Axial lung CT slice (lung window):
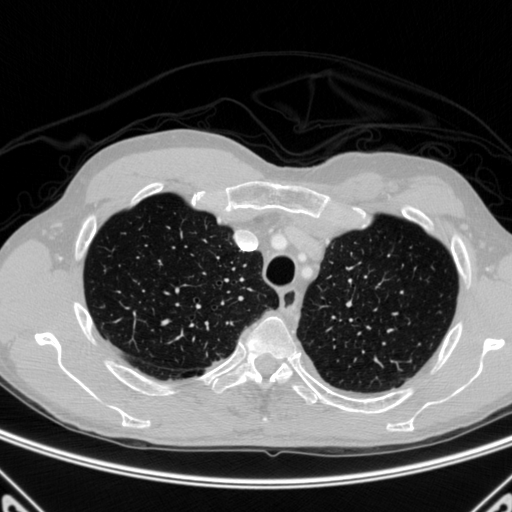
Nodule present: no
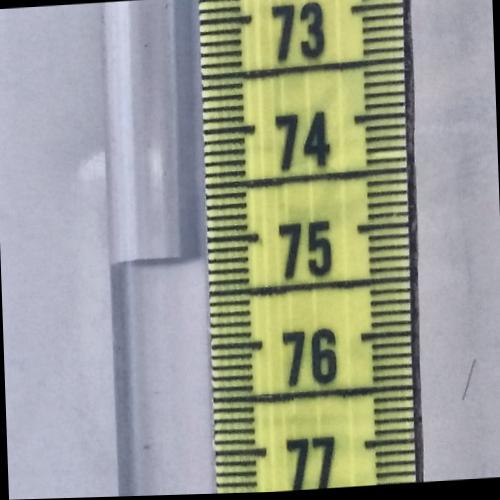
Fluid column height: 75.2 cm
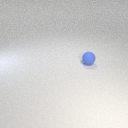
small blue rubber sphere
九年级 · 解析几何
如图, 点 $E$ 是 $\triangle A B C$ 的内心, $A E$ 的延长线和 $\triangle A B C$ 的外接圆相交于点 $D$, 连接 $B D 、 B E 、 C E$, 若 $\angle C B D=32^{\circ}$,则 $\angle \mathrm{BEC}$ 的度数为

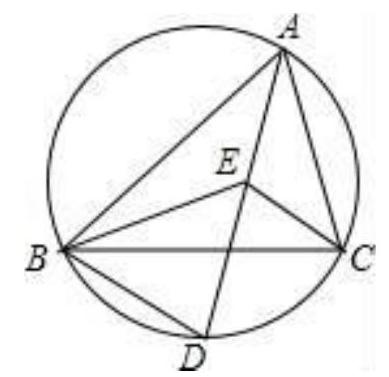
答案: 【分析】根据圆周角定理可求 $\angle \mathrm{CAD}=32^{\circ}$, 再根据三角形内心的定义可求 $\angle \mathrm{BAC}$, 再根据三角形内角和定理和三角形内心的定义可求 $\angle \mathrm{EBC}+\angle \mathrm{ECB}$, 再根据三角形内角和定理可求 $\angle \mathrm{BEC}$ 的度数.

解: 在 $\odot 0$ 中, $\because \angle \mathrm{CBD}=32^{\circ}$,

$\because \angle \mathrm{CAD}=32^{\circ}$

$\because$ 点 $E$ 是 $\triangle A B C$ 的内心,

$\therefore \angle \mathrm{BAC}=64^{\circ}$,

$\therefore \angle \mathrm{EBC}+\angle \mathrm{ECB}=\div 2=58^{\circ}$,

$\therefore \angle \mathrm{BEC}=180^{\circ}-58^{\circ}=122^{\circ}$.
故答案为: $122^{\circ}$.
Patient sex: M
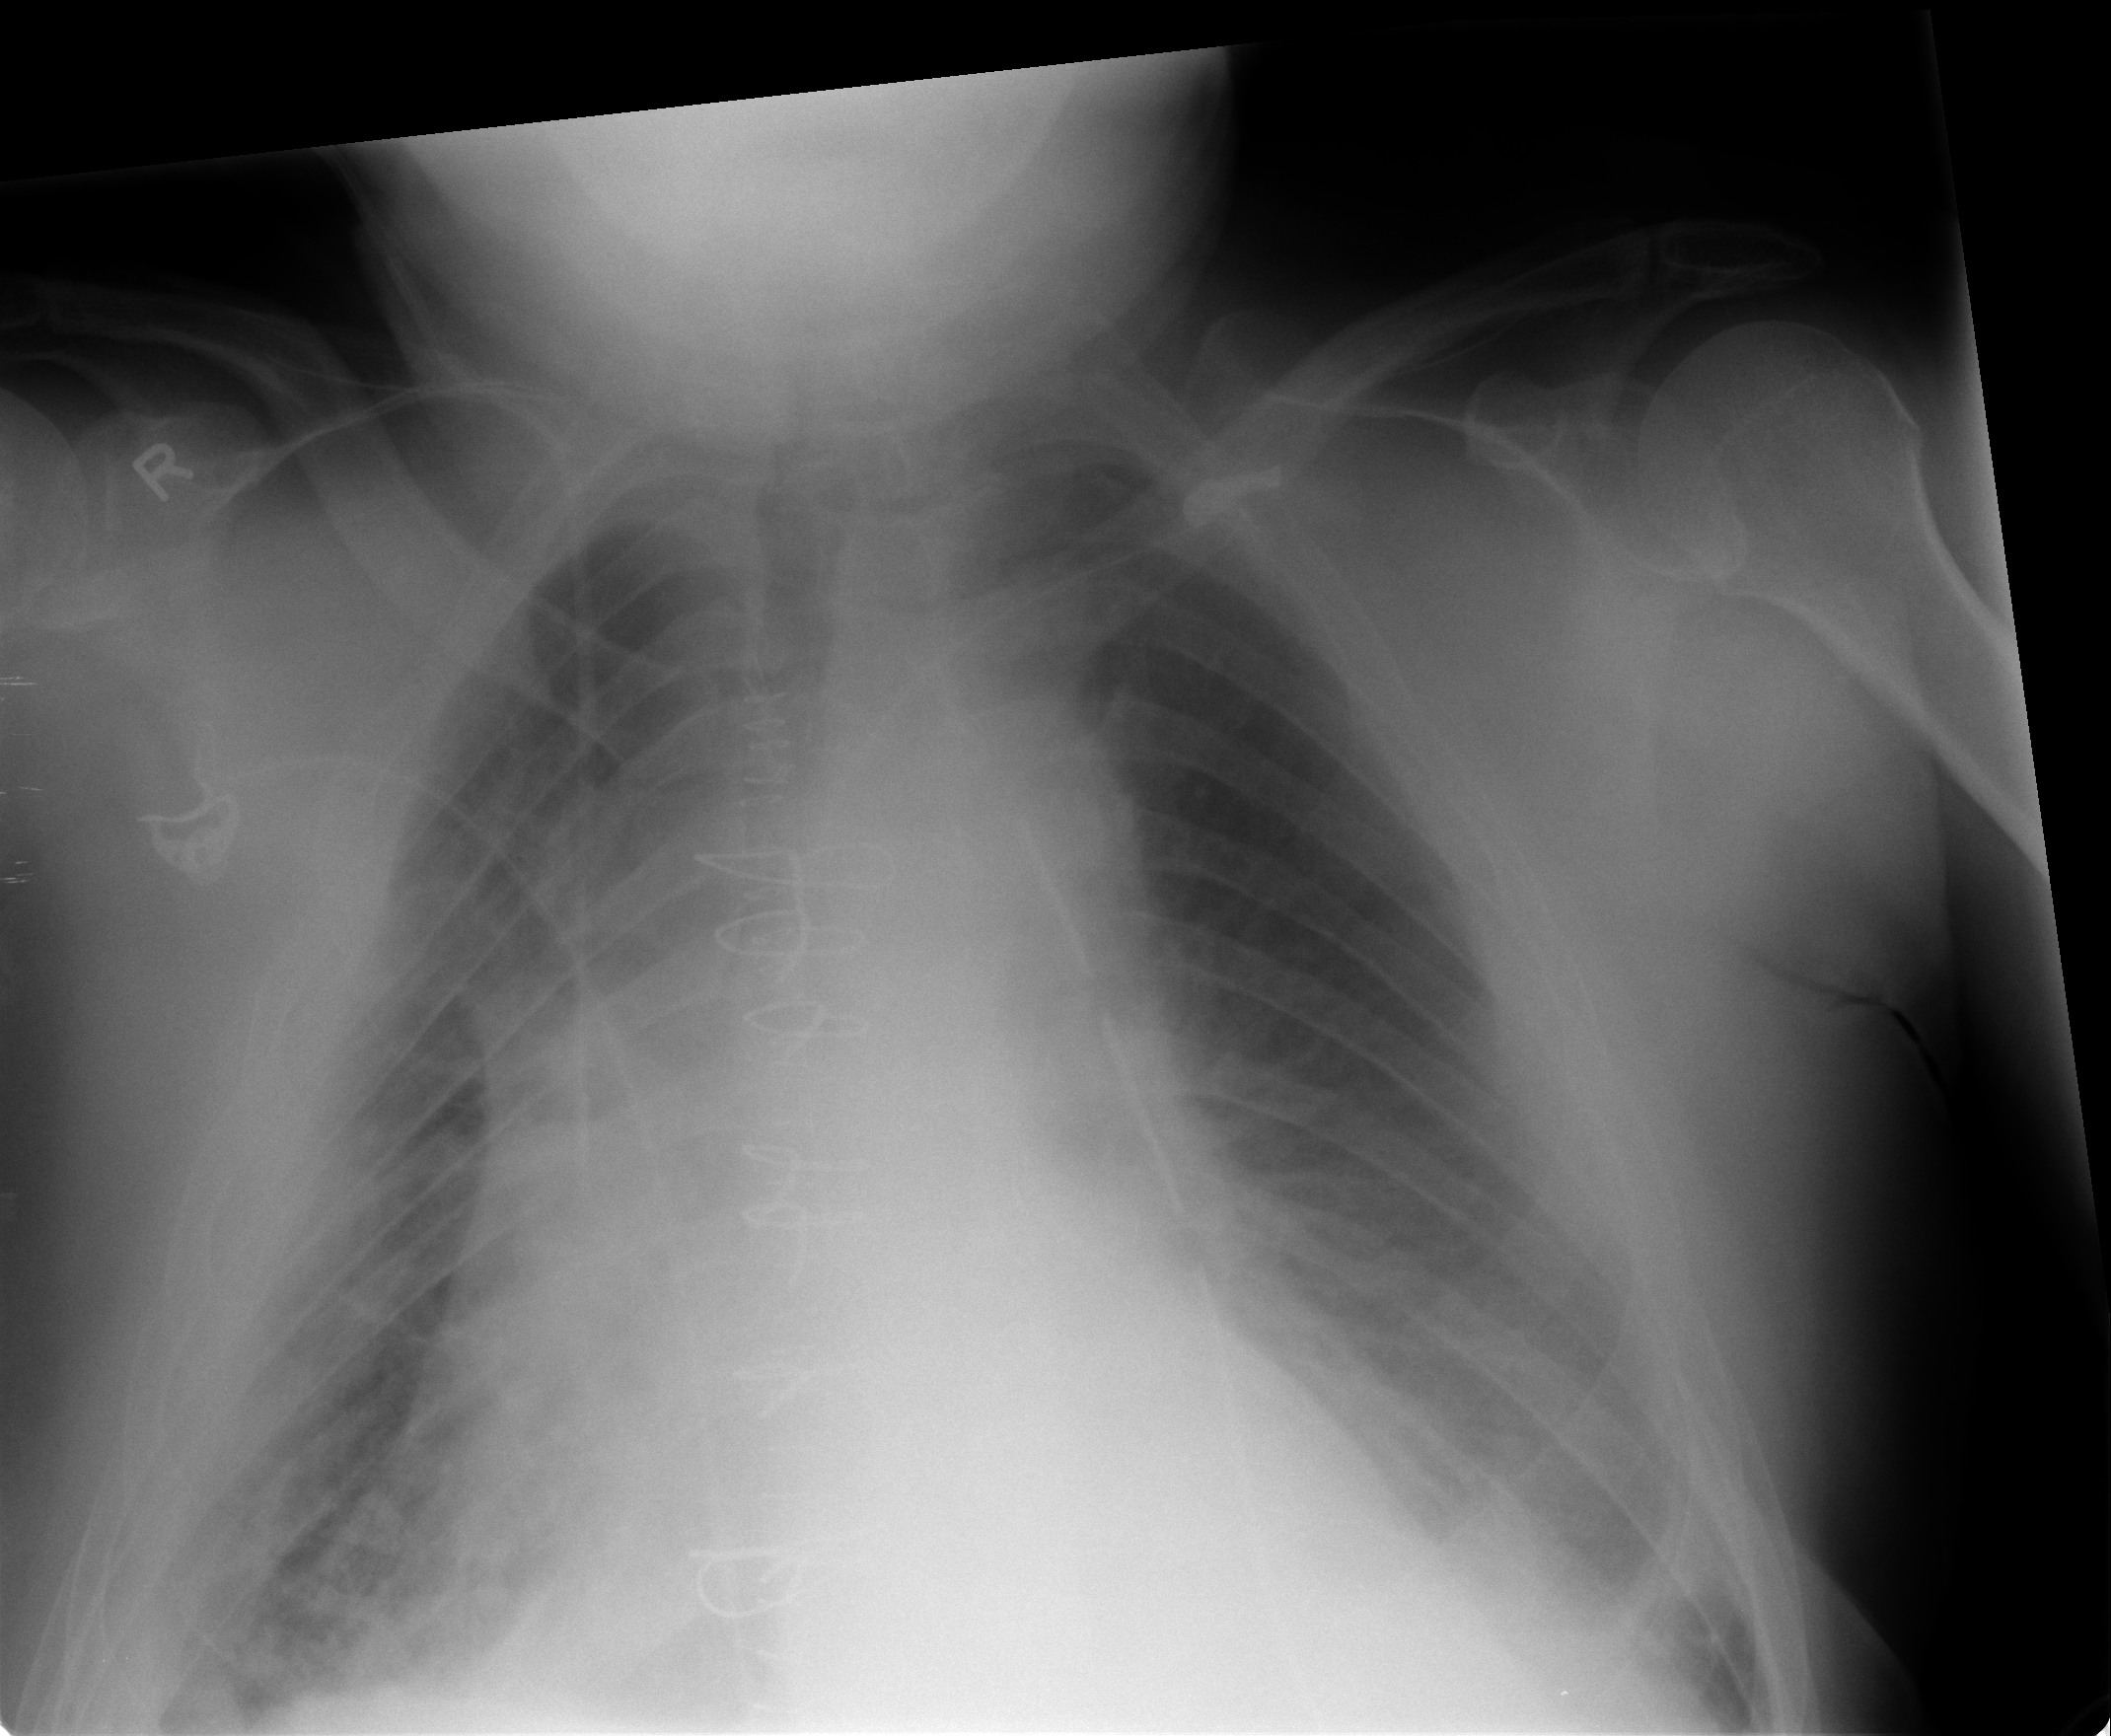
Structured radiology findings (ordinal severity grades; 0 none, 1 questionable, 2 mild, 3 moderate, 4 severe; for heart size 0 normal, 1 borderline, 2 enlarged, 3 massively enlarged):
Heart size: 2
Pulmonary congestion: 2
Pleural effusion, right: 2
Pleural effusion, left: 2
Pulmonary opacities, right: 0
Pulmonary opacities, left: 0
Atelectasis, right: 2
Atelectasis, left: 2
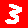
Digit: 3
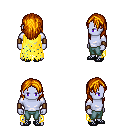
a pixel art fantasy rpg character, male body template, dark elf, purple skin, yellow tattered cape, teal pants, dark blonde long hairstyle, leather bracers, ghillies, four views (front, back, left, right), 2x2 character sprite sheet, small pixel art, hard edges, no anti-aliasing
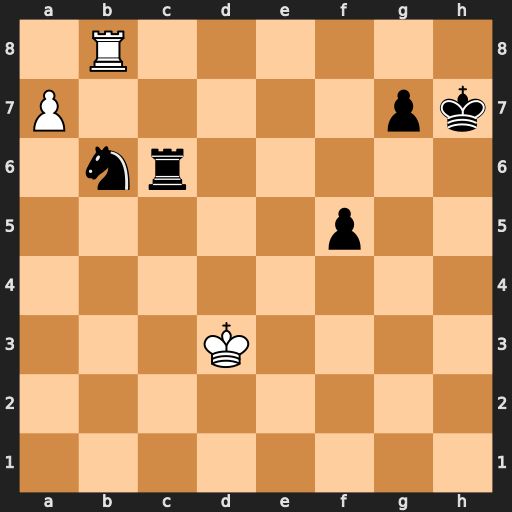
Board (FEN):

= Exercise instructions =
Omitting the pictures, repeat all entries exactly.

= Output of the exercise =
Axial lung CT slice (lung window):
Nodule present: no
Fluid column height: 75.2 cm
small blue rubber sphere
九年级 · 解析几何
如图, 点 $E$ 是 $\triangle A B C$ 的内心, $A E$ 的延长线和 $\triangle A B C$ 的外接圆相交于点 $D$, 连接 $B D 、 B E 、 C E$, 若 $\angle C B D=32^{\circ}$,则 $\angle \mathrm{BEC}$ 的度数为

答案: 【分析】根据圆周角定理可求 $\angle \mathrm{CAD}=32^{\circ}$, 再根据三角形内心的定义可求 $\angle \mathrm{BAC}$, 再根据三角形内角和定理和三角形内心的定义可求 $\angle \mathrm{EBC}+\angle \mathrm{ECB}$, 再根据三角形内角和定理可求 $\angle \mathrm{BEC}$ 的度数.

解: 在 $\odot 0$ 中, $\because \angle \mathrm{CBD}=32^{\circ}$,

$\because \angle \mathrm{CAD}=32^{\circ}$

$\because$ 点 $E$ 是 $\triangle A B C$ 的内心,

$\therefore \angle \mathrm{BAC}=64^{\circ}$,

$\therefore \angle \mathrm{EBC}+\angle \mathrm{ECB}=\div 2=58^{\circ}$,

$\therefore \angle \mathrm{BEC}=180^{\circ}-58^{\circ}=122^{\circ}$.
故答案为: $122^{\circ}$.
Patient sex: M
Structured radiology findings (ordinal severity grades; 0 none, 1 questionable, 2 mild, 3 moderate, 4 severe; for heart size 0 normal, 1 borderline, 2 enlarged, 3 massively enlarged):
Heart size: 2
Pulmonary congestion: 2
Pleural effusion, right: 2
Pleural effusion, left: 2
Pulmonary opacities, right: 0
Pulmonary opacities, left: 0
Atelectasis, right: 2
Atelectasis, left: 2
Digit: 3
a pixel art fantasy rpg character, male body template, dark elf, purple skin, yellow tattered cape, teal pants, dark blonde long hairstyle, leather bracers, ghillies, four views (front, back, left, right), 2x2 character sprite sheet, small pixel art, hard edges, no anti-aliasing
Board (FEN):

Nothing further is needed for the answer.